## What you should do
Whenever the word "concrete" appears in a line of the listing, copy that line.
···
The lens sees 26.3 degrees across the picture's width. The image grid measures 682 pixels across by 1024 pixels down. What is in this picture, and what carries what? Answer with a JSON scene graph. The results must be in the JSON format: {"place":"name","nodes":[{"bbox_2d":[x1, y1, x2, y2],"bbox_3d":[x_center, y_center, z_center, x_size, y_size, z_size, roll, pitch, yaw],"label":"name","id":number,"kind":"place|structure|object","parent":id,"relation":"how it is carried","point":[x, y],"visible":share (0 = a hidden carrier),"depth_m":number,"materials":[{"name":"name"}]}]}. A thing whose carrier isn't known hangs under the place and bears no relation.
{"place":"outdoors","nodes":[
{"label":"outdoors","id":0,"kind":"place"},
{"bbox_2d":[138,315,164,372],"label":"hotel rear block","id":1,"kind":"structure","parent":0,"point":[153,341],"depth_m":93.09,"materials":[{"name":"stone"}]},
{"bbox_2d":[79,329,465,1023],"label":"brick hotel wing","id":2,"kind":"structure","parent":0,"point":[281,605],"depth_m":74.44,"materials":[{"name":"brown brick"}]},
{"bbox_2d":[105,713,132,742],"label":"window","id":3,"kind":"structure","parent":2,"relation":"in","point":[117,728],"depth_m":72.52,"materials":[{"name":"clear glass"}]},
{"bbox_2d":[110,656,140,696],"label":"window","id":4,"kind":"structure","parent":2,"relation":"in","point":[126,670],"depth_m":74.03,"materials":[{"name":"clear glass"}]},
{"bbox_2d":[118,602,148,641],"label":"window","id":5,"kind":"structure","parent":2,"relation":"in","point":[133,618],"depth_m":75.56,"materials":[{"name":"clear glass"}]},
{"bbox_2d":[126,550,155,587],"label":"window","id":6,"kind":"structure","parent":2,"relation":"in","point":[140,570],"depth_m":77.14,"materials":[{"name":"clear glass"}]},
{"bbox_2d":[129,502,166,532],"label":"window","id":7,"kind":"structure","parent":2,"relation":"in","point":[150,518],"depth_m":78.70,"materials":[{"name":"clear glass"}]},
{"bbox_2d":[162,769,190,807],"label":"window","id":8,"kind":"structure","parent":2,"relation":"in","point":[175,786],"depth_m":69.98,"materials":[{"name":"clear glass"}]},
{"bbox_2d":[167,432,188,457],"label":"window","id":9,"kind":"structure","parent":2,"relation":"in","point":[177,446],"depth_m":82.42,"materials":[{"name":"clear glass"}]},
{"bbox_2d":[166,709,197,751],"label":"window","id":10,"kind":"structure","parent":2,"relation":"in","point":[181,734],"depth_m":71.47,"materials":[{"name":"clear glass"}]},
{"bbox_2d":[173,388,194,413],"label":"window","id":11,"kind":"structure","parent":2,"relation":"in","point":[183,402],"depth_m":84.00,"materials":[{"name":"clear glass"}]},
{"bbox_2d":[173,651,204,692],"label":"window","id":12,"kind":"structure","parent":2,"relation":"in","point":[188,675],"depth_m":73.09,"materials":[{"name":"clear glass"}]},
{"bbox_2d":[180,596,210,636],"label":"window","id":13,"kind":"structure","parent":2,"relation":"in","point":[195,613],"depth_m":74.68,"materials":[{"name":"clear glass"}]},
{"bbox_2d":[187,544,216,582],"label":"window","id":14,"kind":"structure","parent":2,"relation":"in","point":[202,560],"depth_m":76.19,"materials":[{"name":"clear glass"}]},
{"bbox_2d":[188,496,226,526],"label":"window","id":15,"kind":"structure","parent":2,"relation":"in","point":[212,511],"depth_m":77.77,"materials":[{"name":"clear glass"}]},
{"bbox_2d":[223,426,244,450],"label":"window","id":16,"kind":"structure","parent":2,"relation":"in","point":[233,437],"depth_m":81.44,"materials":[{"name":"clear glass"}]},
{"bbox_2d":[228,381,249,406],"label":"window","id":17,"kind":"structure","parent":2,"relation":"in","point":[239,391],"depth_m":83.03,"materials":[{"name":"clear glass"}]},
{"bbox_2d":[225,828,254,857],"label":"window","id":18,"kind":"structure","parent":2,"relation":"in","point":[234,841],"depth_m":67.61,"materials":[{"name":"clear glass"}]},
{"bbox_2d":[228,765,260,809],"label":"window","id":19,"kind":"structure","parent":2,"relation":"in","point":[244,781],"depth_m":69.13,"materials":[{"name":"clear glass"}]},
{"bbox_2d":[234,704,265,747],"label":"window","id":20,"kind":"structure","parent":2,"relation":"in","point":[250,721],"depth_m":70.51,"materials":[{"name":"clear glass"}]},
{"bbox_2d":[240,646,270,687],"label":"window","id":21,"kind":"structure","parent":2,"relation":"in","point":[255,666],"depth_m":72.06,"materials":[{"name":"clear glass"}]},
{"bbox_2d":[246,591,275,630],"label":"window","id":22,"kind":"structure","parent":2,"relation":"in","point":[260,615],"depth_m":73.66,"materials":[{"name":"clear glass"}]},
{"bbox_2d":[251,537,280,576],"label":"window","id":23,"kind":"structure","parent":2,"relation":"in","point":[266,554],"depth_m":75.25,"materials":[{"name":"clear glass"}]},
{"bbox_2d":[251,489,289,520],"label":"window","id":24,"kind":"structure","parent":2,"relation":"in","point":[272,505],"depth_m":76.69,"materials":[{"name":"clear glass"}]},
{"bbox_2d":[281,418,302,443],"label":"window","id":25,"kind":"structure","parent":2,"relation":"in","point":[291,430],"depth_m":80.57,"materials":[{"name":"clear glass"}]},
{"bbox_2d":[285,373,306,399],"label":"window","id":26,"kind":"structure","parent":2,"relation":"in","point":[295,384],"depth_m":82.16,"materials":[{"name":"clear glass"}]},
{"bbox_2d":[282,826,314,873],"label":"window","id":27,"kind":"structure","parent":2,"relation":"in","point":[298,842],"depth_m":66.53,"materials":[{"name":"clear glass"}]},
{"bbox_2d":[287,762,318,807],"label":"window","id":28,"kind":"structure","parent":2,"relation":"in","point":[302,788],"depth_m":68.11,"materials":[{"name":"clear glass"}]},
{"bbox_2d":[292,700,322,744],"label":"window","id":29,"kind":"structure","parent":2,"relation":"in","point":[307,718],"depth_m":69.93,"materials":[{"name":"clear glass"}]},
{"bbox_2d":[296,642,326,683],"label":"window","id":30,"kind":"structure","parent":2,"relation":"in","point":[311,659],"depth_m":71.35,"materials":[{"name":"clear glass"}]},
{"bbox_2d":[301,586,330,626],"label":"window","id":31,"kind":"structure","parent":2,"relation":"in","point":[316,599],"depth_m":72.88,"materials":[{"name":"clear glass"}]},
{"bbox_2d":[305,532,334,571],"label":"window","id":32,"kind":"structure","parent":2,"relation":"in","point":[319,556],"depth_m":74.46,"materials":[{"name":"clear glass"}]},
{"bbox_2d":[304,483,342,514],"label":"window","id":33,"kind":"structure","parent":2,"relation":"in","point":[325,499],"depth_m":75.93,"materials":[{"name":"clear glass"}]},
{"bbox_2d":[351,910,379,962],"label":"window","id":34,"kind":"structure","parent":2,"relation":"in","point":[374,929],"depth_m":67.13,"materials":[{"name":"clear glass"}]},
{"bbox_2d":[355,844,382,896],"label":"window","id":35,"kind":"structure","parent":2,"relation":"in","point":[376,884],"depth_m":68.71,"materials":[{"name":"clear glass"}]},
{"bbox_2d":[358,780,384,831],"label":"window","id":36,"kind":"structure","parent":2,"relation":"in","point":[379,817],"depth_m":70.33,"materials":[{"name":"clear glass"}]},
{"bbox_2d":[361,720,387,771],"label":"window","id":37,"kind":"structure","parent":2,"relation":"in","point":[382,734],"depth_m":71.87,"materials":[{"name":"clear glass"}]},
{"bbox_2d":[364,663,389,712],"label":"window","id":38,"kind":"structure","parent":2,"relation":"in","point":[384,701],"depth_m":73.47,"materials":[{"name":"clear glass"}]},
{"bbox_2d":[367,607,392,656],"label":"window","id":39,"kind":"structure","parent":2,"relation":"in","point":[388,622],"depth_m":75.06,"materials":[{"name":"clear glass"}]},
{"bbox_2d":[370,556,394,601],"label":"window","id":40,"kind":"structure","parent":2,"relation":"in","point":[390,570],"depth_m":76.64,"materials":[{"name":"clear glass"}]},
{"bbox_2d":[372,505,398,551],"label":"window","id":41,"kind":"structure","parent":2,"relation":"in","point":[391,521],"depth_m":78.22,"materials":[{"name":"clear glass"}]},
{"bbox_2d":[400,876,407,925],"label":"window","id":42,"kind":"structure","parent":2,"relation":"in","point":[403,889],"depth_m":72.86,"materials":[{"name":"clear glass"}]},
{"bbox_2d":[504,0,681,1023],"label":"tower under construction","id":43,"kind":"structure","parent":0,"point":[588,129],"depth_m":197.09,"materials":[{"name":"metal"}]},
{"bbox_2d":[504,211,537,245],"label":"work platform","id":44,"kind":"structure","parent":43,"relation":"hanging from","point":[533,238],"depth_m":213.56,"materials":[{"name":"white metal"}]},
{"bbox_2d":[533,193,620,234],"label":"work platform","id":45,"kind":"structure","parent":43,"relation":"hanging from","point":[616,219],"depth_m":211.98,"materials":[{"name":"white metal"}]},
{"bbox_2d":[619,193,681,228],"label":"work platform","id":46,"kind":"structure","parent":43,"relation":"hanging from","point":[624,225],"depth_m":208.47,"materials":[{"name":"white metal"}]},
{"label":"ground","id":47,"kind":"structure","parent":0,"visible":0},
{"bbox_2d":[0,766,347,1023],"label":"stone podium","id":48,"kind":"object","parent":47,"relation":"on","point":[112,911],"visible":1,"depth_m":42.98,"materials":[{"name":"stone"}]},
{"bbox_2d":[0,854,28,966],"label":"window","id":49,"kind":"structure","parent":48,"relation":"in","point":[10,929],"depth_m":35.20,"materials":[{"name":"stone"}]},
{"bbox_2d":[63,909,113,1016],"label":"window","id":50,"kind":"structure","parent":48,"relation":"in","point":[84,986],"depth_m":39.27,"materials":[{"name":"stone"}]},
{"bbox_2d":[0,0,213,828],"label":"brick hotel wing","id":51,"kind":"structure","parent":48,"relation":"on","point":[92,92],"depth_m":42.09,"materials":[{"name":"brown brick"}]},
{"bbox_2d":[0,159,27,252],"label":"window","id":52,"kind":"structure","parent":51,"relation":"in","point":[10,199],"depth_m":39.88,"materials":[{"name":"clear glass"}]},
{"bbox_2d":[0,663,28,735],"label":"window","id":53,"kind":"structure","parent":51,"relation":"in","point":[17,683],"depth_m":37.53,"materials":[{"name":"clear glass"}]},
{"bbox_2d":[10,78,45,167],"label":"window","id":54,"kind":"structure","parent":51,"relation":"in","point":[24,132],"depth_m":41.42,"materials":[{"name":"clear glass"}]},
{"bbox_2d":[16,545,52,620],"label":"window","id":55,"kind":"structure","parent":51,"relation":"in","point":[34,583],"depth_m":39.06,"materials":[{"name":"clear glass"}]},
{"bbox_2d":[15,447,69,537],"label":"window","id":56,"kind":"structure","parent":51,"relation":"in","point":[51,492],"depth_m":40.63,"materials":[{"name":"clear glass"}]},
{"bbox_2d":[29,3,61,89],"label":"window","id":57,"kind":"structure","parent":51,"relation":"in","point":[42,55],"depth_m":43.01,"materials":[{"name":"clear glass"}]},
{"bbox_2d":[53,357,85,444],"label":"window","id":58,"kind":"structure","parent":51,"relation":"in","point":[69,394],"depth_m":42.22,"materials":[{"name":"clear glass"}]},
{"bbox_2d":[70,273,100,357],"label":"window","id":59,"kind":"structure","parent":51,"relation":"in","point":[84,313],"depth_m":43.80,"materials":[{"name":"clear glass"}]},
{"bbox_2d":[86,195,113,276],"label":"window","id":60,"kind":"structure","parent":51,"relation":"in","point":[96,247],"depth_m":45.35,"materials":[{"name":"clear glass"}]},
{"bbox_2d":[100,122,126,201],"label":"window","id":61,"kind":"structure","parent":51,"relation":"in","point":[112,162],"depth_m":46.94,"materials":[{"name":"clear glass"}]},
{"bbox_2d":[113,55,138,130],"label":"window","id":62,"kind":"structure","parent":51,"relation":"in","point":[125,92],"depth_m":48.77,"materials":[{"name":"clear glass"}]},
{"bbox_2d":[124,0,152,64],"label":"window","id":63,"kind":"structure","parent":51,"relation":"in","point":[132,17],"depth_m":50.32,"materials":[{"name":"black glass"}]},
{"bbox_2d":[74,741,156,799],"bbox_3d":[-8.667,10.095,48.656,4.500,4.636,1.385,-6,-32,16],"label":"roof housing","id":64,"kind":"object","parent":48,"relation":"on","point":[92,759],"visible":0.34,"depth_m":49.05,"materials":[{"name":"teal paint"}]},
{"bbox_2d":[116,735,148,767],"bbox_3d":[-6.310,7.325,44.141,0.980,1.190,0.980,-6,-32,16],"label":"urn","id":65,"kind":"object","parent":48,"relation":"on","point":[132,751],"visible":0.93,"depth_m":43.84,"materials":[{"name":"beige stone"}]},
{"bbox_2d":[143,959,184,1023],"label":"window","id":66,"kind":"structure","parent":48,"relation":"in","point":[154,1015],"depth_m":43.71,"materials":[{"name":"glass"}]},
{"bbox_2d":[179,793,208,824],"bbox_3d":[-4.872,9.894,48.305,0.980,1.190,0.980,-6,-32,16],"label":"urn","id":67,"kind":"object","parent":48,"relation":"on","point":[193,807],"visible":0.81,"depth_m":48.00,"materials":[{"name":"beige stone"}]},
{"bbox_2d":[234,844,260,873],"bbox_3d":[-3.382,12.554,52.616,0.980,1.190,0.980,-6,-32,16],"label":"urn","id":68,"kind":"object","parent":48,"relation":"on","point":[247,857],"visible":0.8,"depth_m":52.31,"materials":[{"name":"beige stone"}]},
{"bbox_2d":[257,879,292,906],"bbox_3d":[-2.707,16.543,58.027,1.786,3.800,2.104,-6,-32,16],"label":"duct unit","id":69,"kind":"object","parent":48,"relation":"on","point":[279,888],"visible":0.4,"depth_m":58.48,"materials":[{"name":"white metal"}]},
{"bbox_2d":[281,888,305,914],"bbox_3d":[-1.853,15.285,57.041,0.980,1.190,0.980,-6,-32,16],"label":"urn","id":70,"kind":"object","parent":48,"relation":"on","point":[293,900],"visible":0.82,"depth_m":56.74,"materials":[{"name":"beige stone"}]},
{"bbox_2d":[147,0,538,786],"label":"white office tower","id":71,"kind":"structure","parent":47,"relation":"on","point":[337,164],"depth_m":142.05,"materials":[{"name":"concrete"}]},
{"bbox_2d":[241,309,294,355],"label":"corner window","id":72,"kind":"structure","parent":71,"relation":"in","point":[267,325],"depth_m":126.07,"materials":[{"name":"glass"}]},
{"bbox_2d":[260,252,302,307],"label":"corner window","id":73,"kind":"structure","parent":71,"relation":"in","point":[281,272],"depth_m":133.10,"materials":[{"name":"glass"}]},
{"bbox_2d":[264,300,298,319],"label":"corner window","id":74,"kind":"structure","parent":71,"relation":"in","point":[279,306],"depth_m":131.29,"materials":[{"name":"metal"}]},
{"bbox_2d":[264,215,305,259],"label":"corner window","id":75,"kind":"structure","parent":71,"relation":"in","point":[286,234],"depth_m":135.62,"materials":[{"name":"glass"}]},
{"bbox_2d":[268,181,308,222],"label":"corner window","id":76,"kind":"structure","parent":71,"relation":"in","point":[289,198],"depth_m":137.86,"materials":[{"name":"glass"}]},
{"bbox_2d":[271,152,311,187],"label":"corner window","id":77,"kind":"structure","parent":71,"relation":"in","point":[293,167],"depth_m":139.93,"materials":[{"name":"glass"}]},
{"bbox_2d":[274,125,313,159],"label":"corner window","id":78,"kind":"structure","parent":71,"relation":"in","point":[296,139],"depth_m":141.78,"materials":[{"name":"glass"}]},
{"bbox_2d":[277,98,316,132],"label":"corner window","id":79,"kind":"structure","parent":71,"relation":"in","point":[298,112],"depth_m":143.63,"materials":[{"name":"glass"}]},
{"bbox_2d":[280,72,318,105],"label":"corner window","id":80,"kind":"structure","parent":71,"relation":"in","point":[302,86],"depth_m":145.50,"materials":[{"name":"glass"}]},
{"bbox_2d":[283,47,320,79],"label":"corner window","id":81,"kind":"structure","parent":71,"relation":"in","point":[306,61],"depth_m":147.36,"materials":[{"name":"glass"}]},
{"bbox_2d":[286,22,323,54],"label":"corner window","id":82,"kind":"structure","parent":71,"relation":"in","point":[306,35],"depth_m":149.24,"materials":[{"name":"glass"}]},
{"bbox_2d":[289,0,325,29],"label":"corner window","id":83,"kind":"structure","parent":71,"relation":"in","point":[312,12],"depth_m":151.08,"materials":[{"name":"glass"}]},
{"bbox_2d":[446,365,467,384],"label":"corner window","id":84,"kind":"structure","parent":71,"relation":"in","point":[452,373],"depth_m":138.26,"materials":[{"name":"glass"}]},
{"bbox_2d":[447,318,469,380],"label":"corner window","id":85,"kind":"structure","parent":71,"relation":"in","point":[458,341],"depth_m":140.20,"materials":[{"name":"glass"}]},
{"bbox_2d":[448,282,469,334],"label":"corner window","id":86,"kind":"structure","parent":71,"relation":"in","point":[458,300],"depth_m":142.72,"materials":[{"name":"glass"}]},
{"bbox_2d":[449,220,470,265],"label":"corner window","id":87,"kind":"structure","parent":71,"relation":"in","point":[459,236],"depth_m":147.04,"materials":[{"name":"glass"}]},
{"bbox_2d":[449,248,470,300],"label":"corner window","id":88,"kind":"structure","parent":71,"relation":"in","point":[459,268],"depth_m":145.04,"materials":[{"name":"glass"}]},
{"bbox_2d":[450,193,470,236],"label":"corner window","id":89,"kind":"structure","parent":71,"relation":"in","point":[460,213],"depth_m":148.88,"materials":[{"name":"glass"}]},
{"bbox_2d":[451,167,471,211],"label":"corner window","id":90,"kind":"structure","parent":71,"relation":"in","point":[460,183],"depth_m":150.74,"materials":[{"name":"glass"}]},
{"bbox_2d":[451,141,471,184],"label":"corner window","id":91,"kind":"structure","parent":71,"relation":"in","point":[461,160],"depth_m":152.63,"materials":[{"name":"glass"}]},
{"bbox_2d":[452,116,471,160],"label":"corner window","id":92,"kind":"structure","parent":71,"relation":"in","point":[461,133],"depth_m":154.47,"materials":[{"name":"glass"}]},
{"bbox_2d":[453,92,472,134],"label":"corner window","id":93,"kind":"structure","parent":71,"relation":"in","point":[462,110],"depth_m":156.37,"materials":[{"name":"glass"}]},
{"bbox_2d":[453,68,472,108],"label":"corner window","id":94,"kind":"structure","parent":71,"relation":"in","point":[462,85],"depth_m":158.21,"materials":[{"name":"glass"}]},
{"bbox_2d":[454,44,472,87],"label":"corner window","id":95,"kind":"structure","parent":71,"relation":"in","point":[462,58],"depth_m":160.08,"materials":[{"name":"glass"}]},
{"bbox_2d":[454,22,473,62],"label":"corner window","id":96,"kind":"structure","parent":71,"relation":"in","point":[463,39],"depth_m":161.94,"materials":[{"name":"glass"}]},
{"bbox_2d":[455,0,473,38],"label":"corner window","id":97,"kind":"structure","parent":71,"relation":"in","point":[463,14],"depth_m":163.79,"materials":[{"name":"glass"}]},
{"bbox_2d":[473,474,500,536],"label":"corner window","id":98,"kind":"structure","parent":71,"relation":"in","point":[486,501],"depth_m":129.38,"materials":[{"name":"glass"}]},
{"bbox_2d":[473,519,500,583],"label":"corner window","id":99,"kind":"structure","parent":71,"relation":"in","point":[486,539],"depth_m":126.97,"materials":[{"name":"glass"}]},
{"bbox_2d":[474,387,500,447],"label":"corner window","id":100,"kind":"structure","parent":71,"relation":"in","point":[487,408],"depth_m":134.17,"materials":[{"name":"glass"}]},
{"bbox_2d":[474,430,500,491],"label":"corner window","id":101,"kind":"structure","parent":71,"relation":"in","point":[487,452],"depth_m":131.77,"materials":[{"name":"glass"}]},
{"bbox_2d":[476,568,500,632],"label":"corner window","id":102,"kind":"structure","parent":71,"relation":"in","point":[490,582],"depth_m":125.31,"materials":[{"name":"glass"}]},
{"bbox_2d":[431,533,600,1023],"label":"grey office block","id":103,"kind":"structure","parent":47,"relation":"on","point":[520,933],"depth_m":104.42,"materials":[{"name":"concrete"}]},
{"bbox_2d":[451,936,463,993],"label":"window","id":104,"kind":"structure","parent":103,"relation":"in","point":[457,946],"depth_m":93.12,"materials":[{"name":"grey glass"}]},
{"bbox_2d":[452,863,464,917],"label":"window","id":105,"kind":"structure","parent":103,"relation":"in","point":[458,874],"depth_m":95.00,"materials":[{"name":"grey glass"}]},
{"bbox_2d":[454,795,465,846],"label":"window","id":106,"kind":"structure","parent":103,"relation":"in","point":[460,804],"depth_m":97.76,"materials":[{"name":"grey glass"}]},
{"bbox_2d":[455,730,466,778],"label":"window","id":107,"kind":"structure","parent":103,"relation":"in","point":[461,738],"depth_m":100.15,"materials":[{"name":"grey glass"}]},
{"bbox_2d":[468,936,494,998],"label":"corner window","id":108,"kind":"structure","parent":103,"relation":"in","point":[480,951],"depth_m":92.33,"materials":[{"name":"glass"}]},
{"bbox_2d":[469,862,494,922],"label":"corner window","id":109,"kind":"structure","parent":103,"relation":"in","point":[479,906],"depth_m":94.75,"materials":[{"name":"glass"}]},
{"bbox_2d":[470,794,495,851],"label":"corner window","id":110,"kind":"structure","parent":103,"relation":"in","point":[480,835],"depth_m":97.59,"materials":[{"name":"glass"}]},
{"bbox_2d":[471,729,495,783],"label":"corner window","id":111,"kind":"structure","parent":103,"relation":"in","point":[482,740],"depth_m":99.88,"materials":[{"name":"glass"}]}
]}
···
## Answer box
{"bbox_2d":[147,0,538,786],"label":"white office tower","id":71,"kind":"structure","parent":47,"relation":"on","point":[337,164],"depth_m":142.05,"materials":[{"name":"concrete"}]},
{"bbox_2d":[431,533,600,1023],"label":"grey office block","id":103,"kind":"structure","parent":47,"relation":"on","point":[520,933],"depth_m":104.42,"materials":[{"name":"concrete"}]},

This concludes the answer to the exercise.